TASK GOAL: Return all of the data exactly, with nothing left out but the pictures.

ENTRIES SUPPLIED:
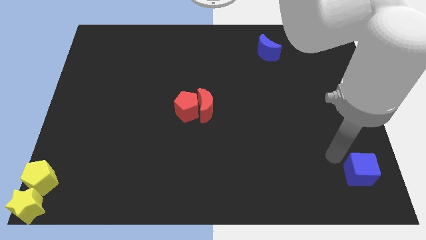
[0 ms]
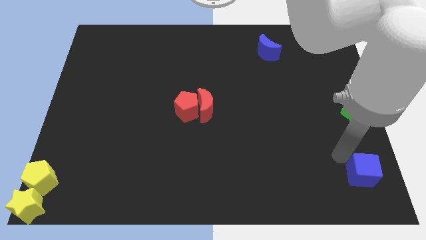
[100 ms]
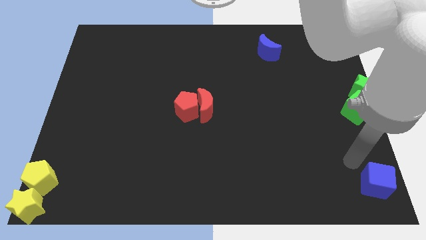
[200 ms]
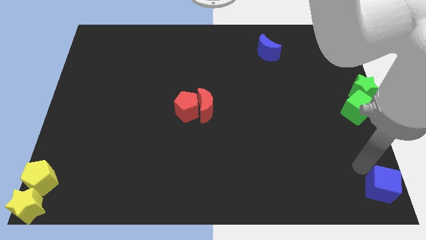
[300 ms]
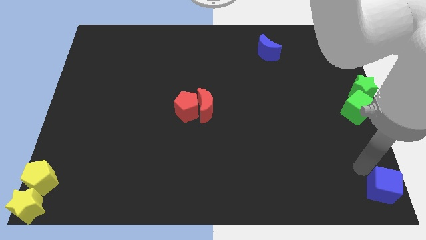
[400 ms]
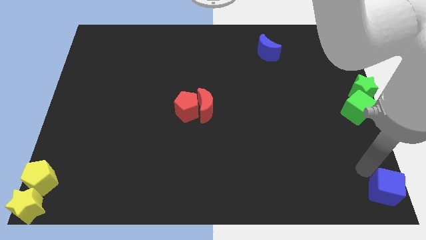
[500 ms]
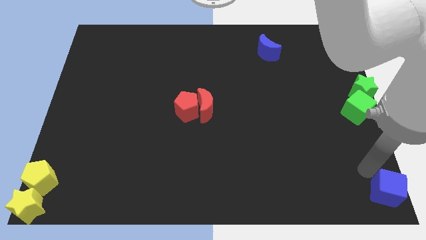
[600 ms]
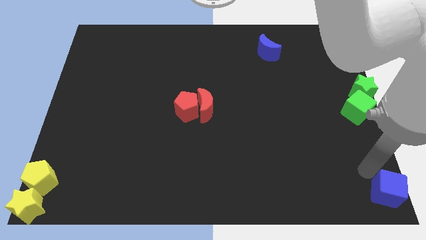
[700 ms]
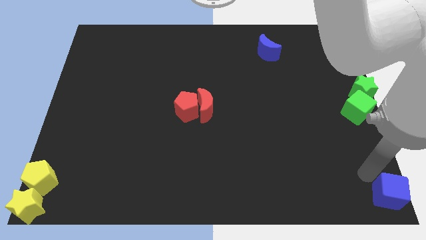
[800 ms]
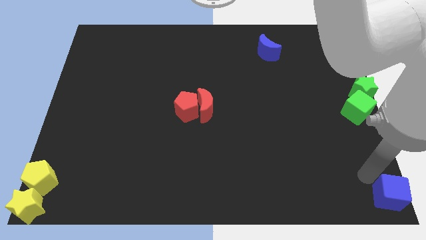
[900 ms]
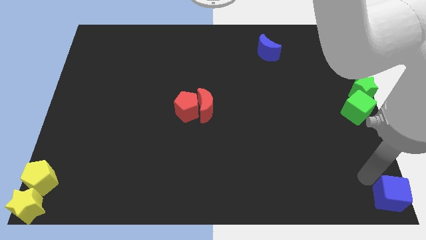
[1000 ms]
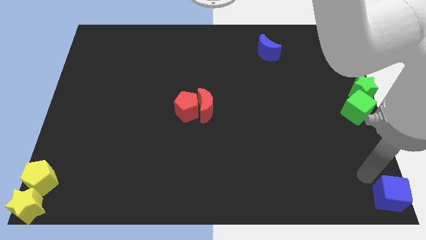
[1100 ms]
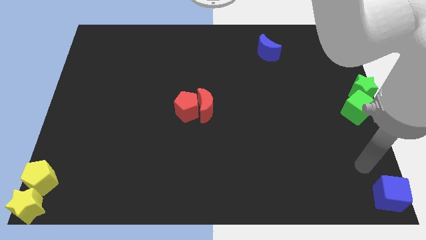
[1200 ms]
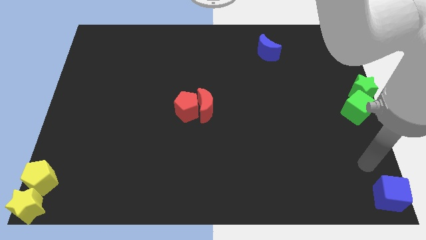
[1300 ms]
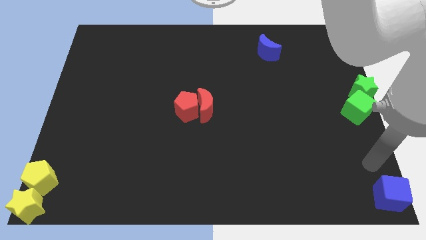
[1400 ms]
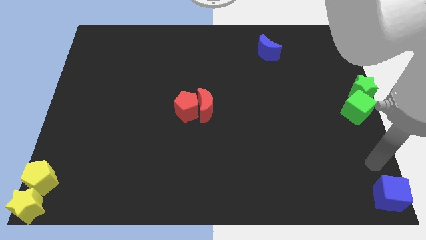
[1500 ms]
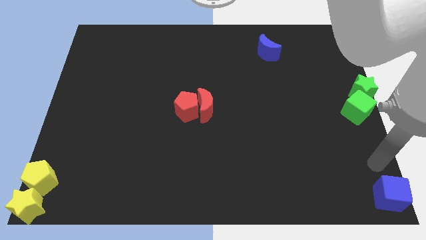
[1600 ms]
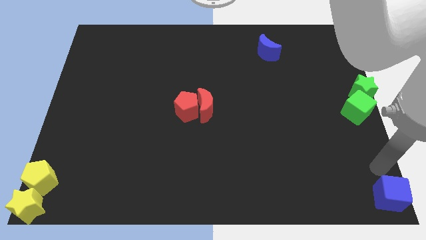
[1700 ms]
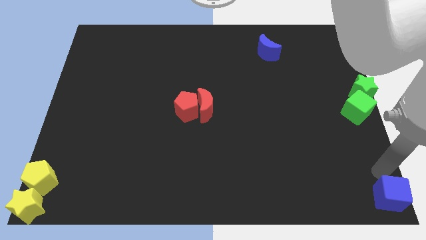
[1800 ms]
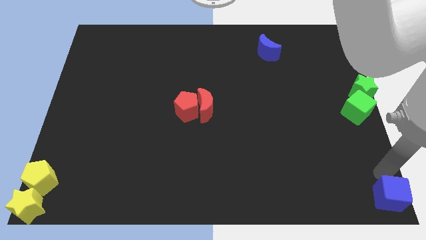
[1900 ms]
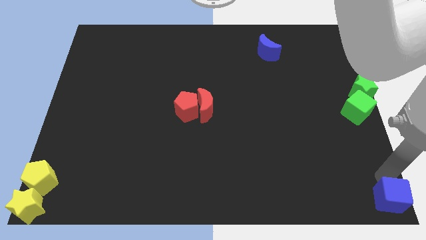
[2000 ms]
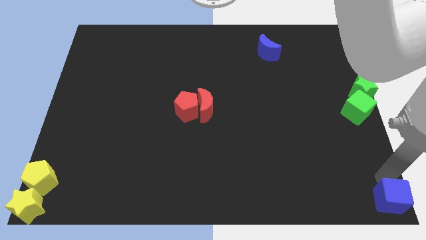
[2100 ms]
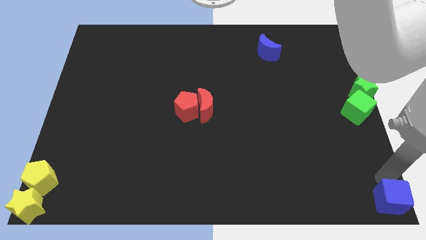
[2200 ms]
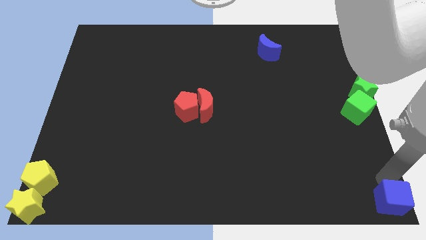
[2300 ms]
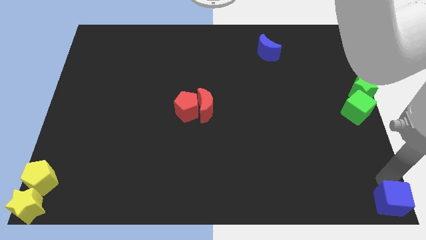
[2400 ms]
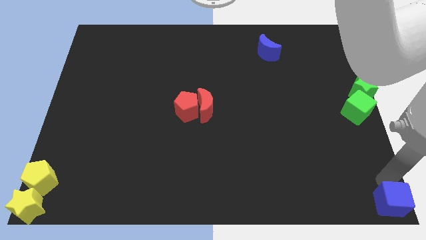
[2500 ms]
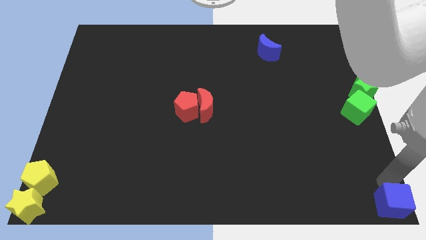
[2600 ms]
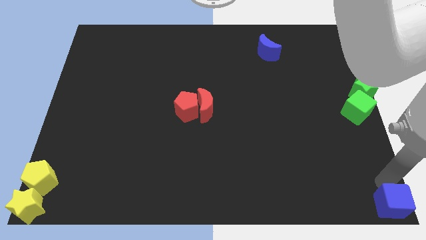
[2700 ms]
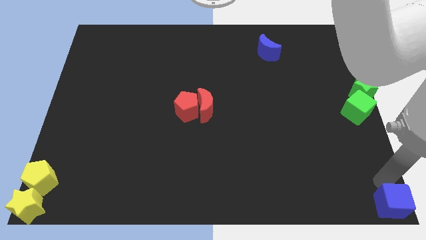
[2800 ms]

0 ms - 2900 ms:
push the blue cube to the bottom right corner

RESPONSE TO THE EXERCISE:
[0 ms]
[100 ms]
[200 ms]
[300 ms]
[400 ms]
[500 ms]
[600 ms]
[700 ms]
[800 ms]
[900 ms]
[1000 ms]
[1100 ms]
[1200 ms]
[1300 ms]
[1400 ms]
[1500 ms]
[1600 ms]
[1700 ms]
[1800 ms]
[1900 ms]
[2000 ms]
[2100 ms]
[2200 ms]
[2300 ms]
[2400 ms]
[2500 ms]
[2600 ms]
[2700 ms]
[2800 ms]

0 ms - 2900 ms:
push the blue cube to the bottom right corner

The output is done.